Canonical releases many minor Ubuntu kernel updates to fix various security flaws. Many of these bugs appear in non-LTS versions of the kernel, and is that Canonical releases news at least twice every year, in April and October. The operating system on which it is based is more robust, in part because it introduces new features more slowly. But that does not mean that it is free from flaws and Debian launched yesterday new kernel versions for your operating system.
Debian 10 was released earlier this month and you have already received your first kernel security update.

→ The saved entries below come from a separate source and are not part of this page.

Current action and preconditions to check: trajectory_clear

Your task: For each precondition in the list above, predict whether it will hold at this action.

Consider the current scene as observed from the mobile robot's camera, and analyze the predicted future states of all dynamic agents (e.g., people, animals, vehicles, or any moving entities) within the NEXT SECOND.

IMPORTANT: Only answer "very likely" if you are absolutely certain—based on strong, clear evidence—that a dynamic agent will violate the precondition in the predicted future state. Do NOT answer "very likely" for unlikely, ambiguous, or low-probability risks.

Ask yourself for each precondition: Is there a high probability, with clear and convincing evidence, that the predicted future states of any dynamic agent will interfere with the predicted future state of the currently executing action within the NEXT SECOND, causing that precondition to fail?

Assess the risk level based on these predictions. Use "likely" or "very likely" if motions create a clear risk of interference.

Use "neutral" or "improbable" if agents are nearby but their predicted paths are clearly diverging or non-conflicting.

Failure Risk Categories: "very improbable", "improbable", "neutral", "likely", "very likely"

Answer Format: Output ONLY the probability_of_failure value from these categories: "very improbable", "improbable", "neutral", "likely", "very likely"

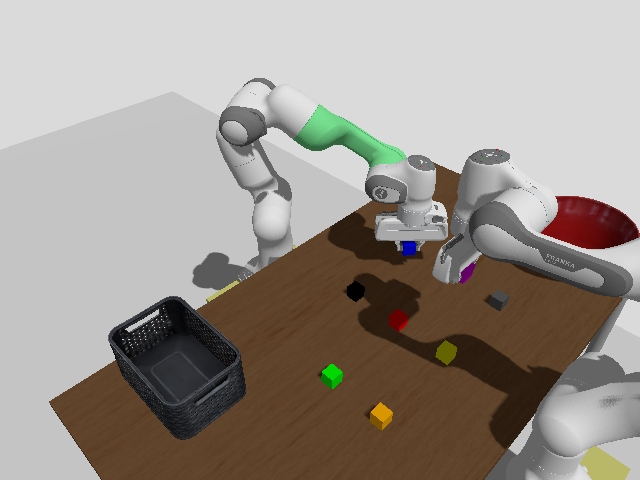

Answer: very improbable

This is a bug discovered by Jann Horn of Google Project Zero, a security initiative of the search engine company that, honestly, I do not know if it is more famous for helping to find security flaws or for publishing them before the creators of the search engine. software in question have corrected the bug. In any case, the flaw discovered by Horn has been cataloged as high severity.
Debian 10 receives its first kernel security update
The bug that the new kernel version fixes is the CVE-2018-13272 and describes a security problem that «a local attacker could use to gain super user (root) access by taking advantage of certain scenarios with a parent-child process relationship, where the parent drops privileges and calls execve (potentially allowing an attacker control)«. Failure affects Buster, Stretch and Jessie.
The new kernel versions are 19.37-5 + deb10u1 in «Buster», 4.9.168-1 + deb9u4 in "Stretch" and 3.16.70-1 + deb8u1 Jessie. Debian version 10 also includes a patch for a regression introduced in the original patch for vulnerability CVE-2019-11478 in the implementation of the TCP retransmission queue. As we can expect on a critical severity bug, Debian Project recommends updating as soon as possible.